→ **Task to carry out**: Pictures are to be skipped. Retype exactly the lines from the top of the material through the one with "Sequenced in time", and only those.
*** Dataset excerpts Section Begins ***
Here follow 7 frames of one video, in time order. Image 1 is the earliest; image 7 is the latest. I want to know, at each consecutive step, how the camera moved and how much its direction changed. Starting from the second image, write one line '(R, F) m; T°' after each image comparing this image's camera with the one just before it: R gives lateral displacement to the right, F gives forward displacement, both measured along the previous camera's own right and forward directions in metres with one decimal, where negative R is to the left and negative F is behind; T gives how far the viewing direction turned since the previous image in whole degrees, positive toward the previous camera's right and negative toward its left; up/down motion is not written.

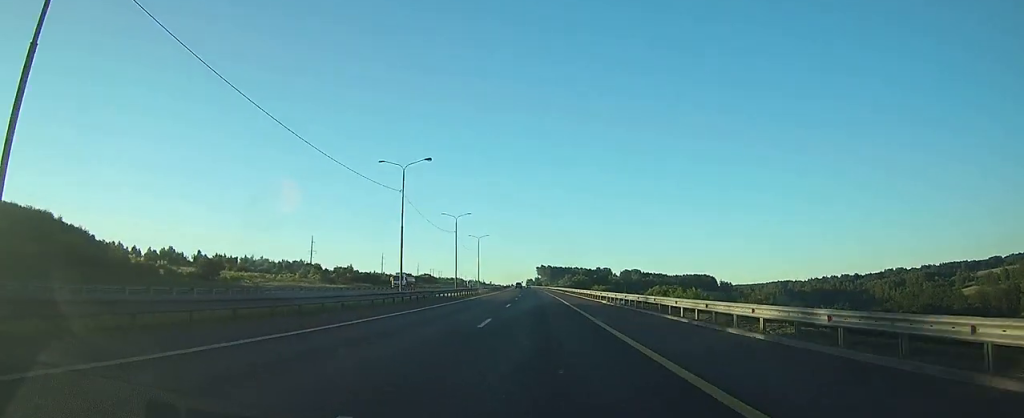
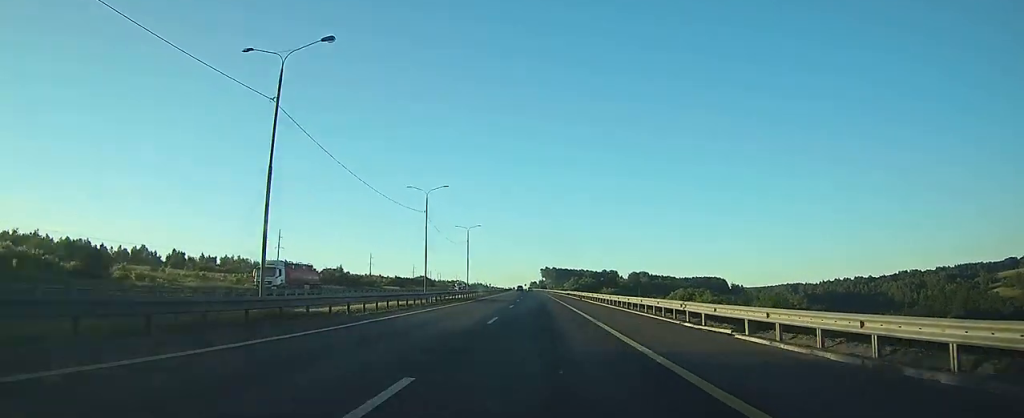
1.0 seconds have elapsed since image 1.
(+0.1, +29.5) m; 0°
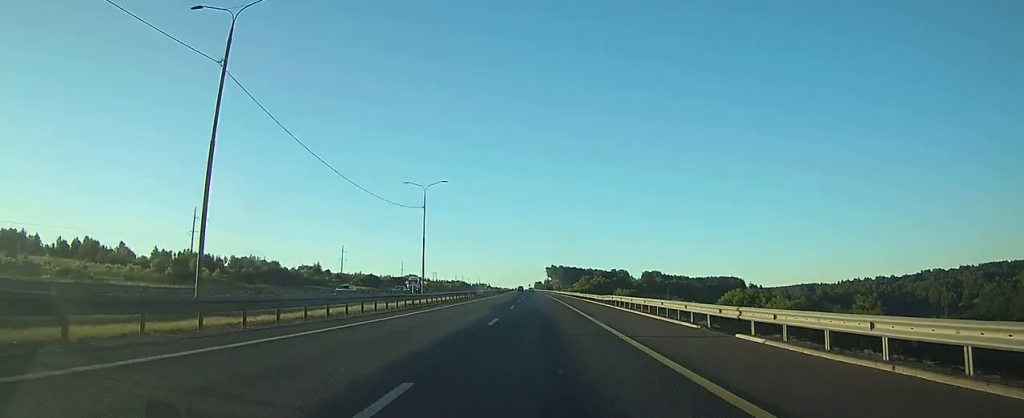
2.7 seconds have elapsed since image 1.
(-0.2, +48.4) m; 0°
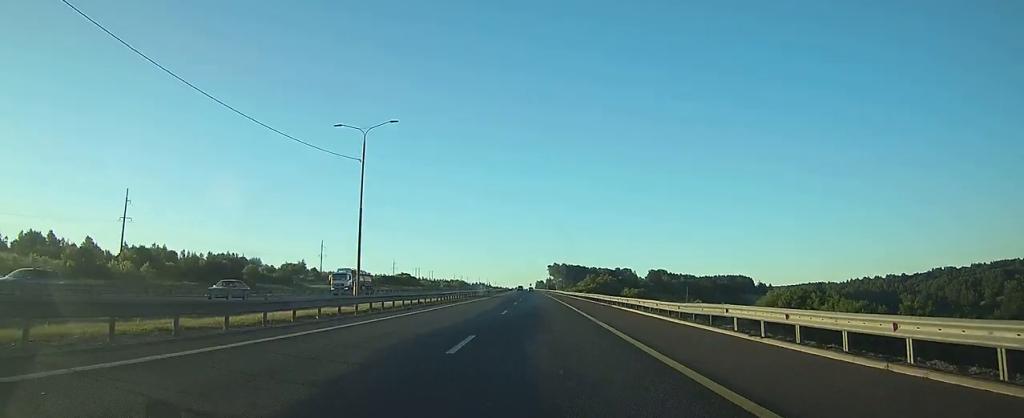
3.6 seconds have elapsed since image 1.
(0.0, +24.5) m; 0°
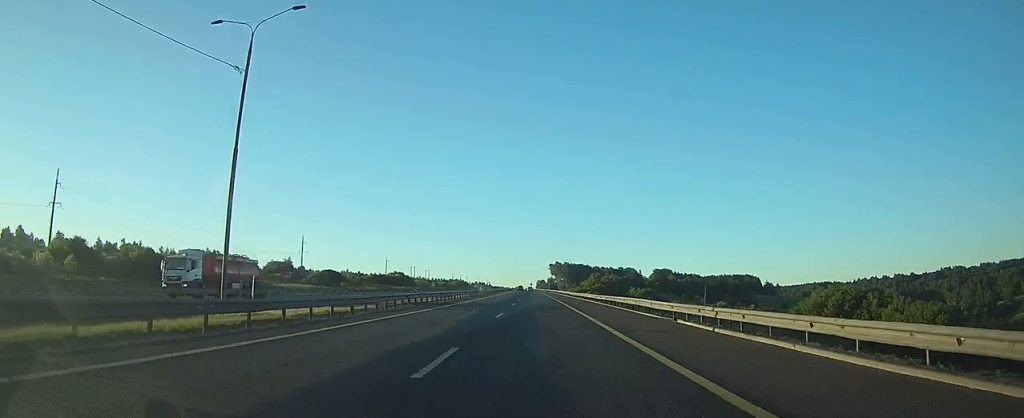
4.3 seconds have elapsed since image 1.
(-0.1, +18.8) m; 0°
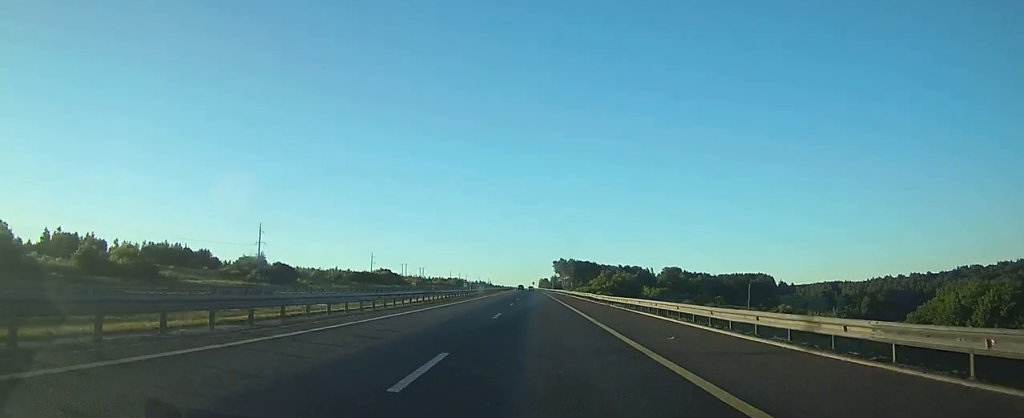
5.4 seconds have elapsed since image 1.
(-0.2, +32.8) m; -1°
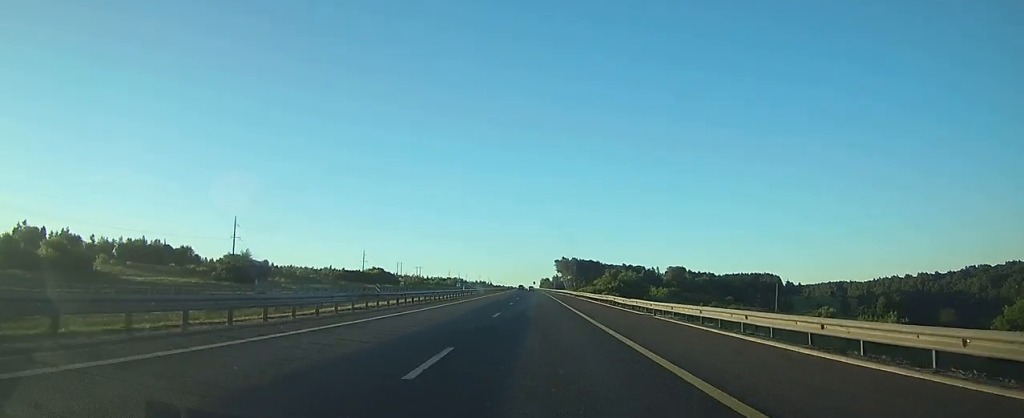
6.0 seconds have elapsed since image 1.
(0.0, +15.0) m; 0°
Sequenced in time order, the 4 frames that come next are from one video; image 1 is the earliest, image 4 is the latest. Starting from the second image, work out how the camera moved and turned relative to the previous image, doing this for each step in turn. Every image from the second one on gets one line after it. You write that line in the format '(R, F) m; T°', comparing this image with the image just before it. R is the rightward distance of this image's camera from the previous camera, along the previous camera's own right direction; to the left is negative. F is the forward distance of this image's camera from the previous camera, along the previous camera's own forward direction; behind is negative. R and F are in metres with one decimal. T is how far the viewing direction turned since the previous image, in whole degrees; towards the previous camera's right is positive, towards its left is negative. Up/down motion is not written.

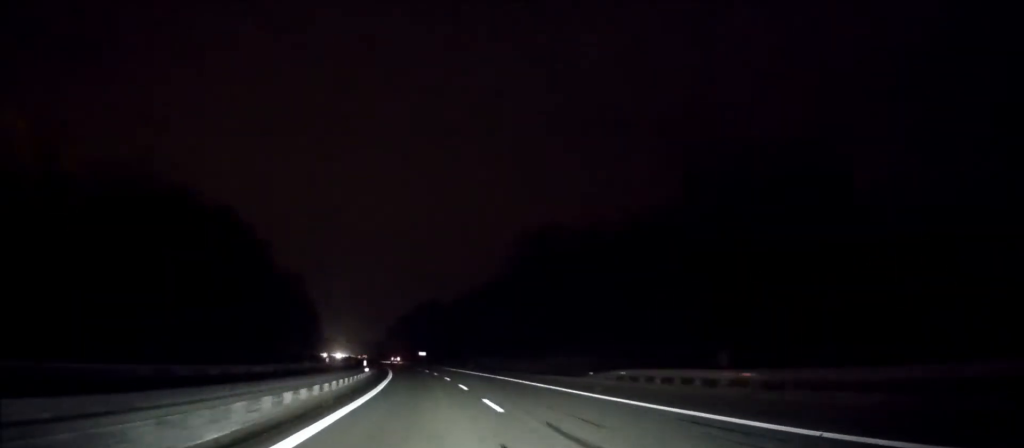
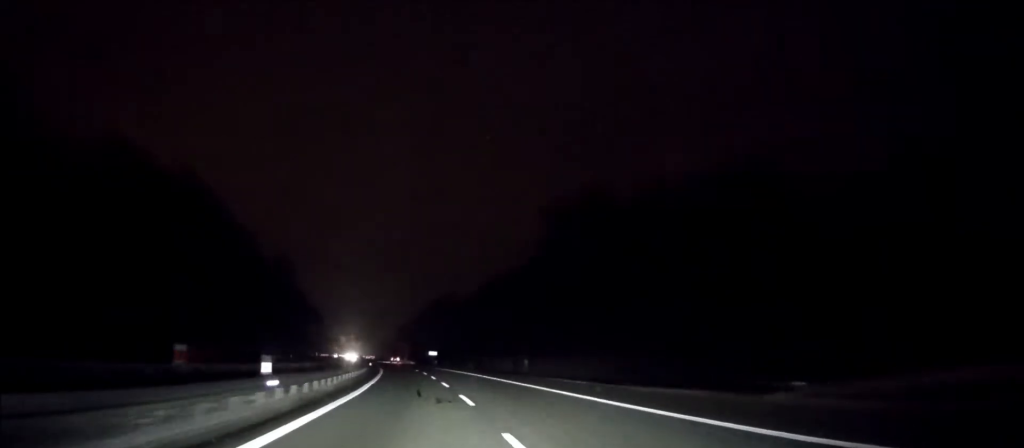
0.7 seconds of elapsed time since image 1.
(-0.4, +21.0) m; -1°
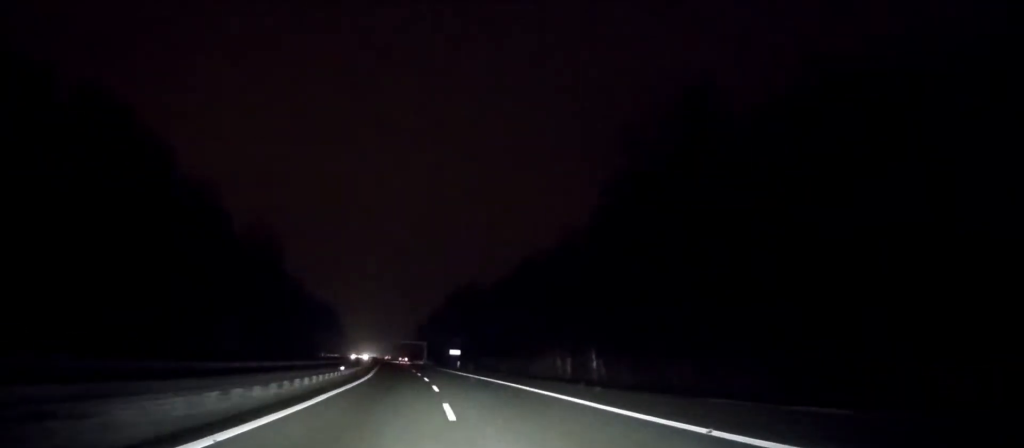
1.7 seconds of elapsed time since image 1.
*** Dataset excerpts Section Ends ***
→ **The completed task**:
Here follow 7 frames of one video, in time order. Image 1 is the earliest; image 7 is the latest. I want to know, at each consecutive step, how the camera moved and how much its direction changed. Starting from the second image, write one line '(R, F) m; T°' after each image comparing this image's camera with the one just before it: R gives lateral displacement to the right, F gives forward displacement, both measured along the previous camera's own right and forward directions in metres with one decimal, where negative R is to the left and negative F is behind; T gives how far the viewing direction turned since the previous image in whole degrees, positive toward the previous camera's right and negative toward its left; up/down motion is not written.

1.0 seconds have elapsed since image 1.
(+0.1, +29.5) m; 0°
2.7 seconds have elapsed since image 1.
(-0.2, +48.4) m; 0°
3.6 seconds have elapsed since image 1.
(0.0, +24.5) m; 0°
4.3 seconds have elapsed since image 1.
(-0.1, +18.8) m; 0°
5.4 seconds have elapsed since image 1.
(-0.2, +32.8) m; -1°
6.0 seconds have elapsed since image 1.
(0.0, +15.0) m; 0°
Sequenced in time order, the 4 frames that come next are from one video; image 1 is the earliest, image 4 is the latest. Starting from the second image, work out how the camera moved and turned relative to the previous image, doing this for each step in turn. Every image from the second one on gets one line after it. You write that line in the format '(R, F) m; T°', comparing this image with the image just before it. R is the rightward distance of this image's camera from the previous camera, along the previous camera's own right direction; to the left is negative. F is the forward distance of this image's camera from the previous camera, along the previous camera's own forward direction; behind is negative. R and F are in metres with one decimal. T is how far the viewing direction turned since the previous image, in whole degrees; towards the previous camera's right is positive, towards its left is negative. Up/down motion is not written.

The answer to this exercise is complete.